→ **TO DO**:
Set down all of the records exactly, leaving none out.

→ **DATASET RECORDS**:
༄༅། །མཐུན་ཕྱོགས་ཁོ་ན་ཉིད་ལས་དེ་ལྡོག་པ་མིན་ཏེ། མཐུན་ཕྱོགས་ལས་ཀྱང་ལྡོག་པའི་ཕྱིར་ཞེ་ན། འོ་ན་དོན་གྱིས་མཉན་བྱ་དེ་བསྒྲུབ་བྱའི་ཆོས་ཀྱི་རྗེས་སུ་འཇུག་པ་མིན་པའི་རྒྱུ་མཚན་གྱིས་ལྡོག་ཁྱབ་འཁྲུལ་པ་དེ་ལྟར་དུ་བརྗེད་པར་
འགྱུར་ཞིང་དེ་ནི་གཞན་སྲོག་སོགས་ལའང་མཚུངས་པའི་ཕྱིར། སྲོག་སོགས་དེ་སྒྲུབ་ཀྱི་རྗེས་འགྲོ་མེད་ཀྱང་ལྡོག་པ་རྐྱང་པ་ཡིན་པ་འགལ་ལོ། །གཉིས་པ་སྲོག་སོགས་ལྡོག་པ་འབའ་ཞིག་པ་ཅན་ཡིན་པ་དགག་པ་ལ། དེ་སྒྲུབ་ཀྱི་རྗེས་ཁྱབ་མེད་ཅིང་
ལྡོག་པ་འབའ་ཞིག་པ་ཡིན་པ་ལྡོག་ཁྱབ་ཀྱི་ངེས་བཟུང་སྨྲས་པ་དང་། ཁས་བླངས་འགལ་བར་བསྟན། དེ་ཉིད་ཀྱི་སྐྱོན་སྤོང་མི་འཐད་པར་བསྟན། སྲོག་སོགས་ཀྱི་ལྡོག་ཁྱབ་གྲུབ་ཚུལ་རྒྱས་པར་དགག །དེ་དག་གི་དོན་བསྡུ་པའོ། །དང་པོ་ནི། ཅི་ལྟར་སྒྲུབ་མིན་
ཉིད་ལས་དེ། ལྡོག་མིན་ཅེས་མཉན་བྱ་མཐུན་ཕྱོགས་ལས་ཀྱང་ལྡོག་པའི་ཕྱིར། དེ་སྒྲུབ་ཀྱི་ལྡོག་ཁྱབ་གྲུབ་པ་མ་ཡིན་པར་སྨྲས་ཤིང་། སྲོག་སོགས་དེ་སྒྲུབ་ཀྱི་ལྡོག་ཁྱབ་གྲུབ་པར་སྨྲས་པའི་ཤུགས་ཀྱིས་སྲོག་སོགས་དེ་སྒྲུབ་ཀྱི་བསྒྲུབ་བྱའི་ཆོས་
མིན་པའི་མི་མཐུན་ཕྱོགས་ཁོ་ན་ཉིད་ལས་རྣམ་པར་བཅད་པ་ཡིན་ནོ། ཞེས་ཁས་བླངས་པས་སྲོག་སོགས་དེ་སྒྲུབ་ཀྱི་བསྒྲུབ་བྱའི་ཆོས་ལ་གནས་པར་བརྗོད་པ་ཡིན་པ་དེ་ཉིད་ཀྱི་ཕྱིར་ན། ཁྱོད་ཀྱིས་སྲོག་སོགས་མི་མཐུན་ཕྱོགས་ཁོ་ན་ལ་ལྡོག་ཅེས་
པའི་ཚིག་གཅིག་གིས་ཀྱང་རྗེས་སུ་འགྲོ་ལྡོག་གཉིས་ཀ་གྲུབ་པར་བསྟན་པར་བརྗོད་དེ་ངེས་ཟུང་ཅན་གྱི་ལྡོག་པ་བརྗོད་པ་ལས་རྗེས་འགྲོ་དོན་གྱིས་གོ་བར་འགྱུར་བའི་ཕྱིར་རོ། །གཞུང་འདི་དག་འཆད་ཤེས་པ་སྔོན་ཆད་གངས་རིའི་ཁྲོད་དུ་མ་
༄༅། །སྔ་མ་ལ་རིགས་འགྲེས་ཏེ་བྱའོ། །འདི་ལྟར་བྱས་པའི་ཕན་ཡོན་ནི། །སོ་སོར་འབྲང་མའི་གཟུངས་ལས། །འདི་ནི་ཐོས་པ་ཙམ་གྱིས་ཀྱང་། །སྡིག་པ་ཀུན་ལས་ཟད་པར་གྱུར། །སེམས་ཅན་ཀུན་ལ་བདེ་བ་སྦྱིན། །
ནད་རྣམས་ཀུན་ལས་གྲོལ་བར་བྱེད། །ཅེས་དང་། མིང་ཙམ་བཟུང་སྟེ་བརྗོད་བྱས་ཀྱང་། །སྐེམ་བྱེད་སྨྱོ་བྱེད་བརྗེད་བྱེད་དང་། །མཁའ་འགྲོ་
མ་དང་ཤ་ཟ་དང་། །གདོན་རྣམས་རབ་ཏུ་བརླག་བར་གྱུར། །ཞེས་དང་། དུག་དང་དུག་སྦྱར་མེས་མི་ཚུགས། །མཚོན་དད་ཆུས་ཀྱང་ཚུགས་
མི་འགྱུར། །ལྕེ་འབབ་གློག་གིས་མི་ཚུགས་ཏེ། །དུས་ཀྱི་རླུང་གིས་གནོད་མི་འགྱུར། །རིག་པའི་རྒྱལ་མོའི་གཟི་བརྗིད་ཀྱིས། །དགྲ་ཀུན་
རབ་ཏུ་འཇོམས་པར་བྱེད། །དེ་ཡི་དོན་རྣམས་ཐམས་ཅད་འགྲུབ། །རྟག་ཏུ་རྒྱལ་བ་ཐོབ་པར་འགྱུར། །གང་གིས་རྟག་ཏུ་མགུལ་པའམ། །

→ **TASK ANSWER**:
༄༅། །མཐུན་ཕྱོགས་ཁོ་ན་ཉིད་ལས་དེ་ལྡོག་པ་མིན་ཏེ། མཐུན་ཕྱོགས་ལས་ཀྱང་ལྡོག་པའི་ཕྱིར་ཞེ་ན། འོ་ན་དོན་གྱིས་མཉན་བྱ་དེ་བསྒྲུབ་བྱའི་ཆོས་ཀྱི་རྗེས་སུ་འཇུག་པ་མིན་པའི་རྒྱུ་མཚན་གྱིས་ལྡོག་ཁྱབ་འཁྲུལ་པ་དེ་ལྟར་དུ་བརྗེད་པར་
འགྱུར་ཞིང་དེ་ནི་གཞན་སྲོག་སོགས་ལའང་མཚུངས་པའི་ཕྱིར། སྲོག་སོགས་དེ་སྒྲུབ་ཀྱི་རྗེས་འགྲོ་མེད་ཀྱང་ལྡོག་པ་རྐྱང་པ་ཡིན་པ་འགལ་ལོ། །གཉིས་པ་སྲོག་སོགས་ལྡོག་པ་འབའ་ཞིག་པ་ཅན་ཡིན་པ་དགག་པ་ལ། དེ་སྒྲུབ་ཀྱི་རྗེས་ཁྱབ་མེད་ཅིང་
ལྡོག་པ་འབའ་ཞིག་པ་ཡིན་པ་ལྡོག་ཁྱབ་ཀྱི་ངེས་བཟུང་སྨྲས་པ་དང་། ཁས་བླངས་འགལ་བར་བསྟན། དེ་ཉིད་ཀྱི་སྐྱོན་སྤོང་མི་འཐད་པར་བསྟན། སྲོག་སོགས་ཀྱི་ལྡོག་ཁྱབ་གྲུབ་ཚུལ་རྒྱས་པར་དགག །དེ་དག་གི་དོན་བསྡུ་པའོ། །དང་པོ་ནི། ཅི་ལྟར་སྒྲུབ་མིན་
ཉིད་ལས་དེ། ལྡོག་མིན་ཅེས་མཉན་བྱ་མཐུན་ཕྱོགས་ལས་ཀྱང་ལྡོག་པའི་ཕྱིར། དེ་སྒྲུབ་ཀྱི་ལྡོག་ཁྱབ་གྲུབ་པ་མ་ཡིན་པར་སྨྲས་ཤིང་། སྲོག་སོགས་དེ་སྒྲུབ་ཀྱི་ལྡོག་ཁྱབ་གྲུབ་པར་སྨྲས་པའི་ཤུགས་ཀྱིས་སྲོག་སོགས་དེ་སྒྲུབ་ཀྱི་བསྒྲུབ་བྱའི་ཆོས་
མིན་པའི་མི་མཐུན་ཕྱོགས་ཁོ་ན་ཉིད་ལས་རྣམ་པར་བཅད་པ་ཡིན་ནོ། ཞེས་ཁས་བླངས་པས་སྲོག་སོགས་དེ་སྒྲུབ་ཀྱི་བསྒྲུབ་བྱའི་ཆོས་ལ་གནས་པར་བརྗོད་པ་ཡིན་པ་དེ་ཉིད་ཀྱི་ཕྱིར་ན། ཁྱོད་ཀྱིས་སྲོག་སོགས་མི་མཐུན་ཕྱོགས་ཁོ་ན་ལ་ལྡོག་ཅེས་
པའི་ཚིག་གཅིག་གིས་ཀྱང་རྗེས་སུ་འགྲོ་ལྡོག་གཉིས་ཀ་གྲུབ་པར་བསྟན་པར་བརྗོད་དེ་ངེས་ཟུང་ཅན་གྱི་ལྡོག་པ་བརྗོད་པ་ལས་རྗེས་འགྲོ་དོན་གྱིས་གོ་བར་འགྱུར་བའི་ཕྱིར་རོ། །གཞུང་འདི་དག་འཆད་ཤེས་པ་སྔོན་ཆད་གངས་རིའི་ཁྲོད་དུ་མ་
༄༅། །སྔ་མ་ལ་རིགས་འགྲེས་ཏེ་བྱའོ། །འདི་ལྟར་བྱས་པའི་ཕན་ཡོན་ནི། །སོ་སོར་འབྲང་མའི་གཟུངས་ལས། །འདི་ནི་ཐོས་པ་ཙམ་གྱིས་ཀྱང་། །སྡིག་པ་ཀུན་ལས་ཟད་པར་གྱུར། །སེམས་ཅན་ཀུན་ལ་བདེ་བ་སྦྱིན། །
ནད་རྣམས་ཀུན་ལས་གྲོལ་བར་བྱེད། །ཅེས་དང་། མིང་ཙམ་བཟུང་སྟེ་བརྗོད་བྱས་ཀྱང་། །སྐེམ་བྱེད་སྨྱོ་བྱེད་བརྗེད་བྱེད་དང་། །མཁའ་འགྲོ་
མ་དང་ཤ་ཟ་དང་། །གདོན་རྣམས་རབ་ཏུ་བརླག་བར་གྱུར། །ཞེས་དང་། དུག་དང་དུག་སྦྱར་མེས་མི་ཚུགས། །མཚོན་དད་ཆུས་ཀྱང་ཚུགས་
མི་འགྱུར། །ལྕེ་འབབ་གློག་གིས་མི་ཚུགས་ཏེ། །དུས་ཀྱི་རླུང་གིས་གནོད་མི་འགྱུར། །རིག་པའི་རྒྱལ་མོའི་གཟི་བརྗིད་ཀྱིས། །དགྲ་ཀུན་
རབ་ཏུ་འཇོམས་པར་བྱེད། །དེ་ཡི་དོན་རྣམས་ཐམས་ཅད་འགྲུབ། །རྟག་ཏུ་རྒྱལ་བ་ཐོབ་པར་འགྱུར། །གང་གིས་རྟག་ཏུ་མགུལ་པའམ། །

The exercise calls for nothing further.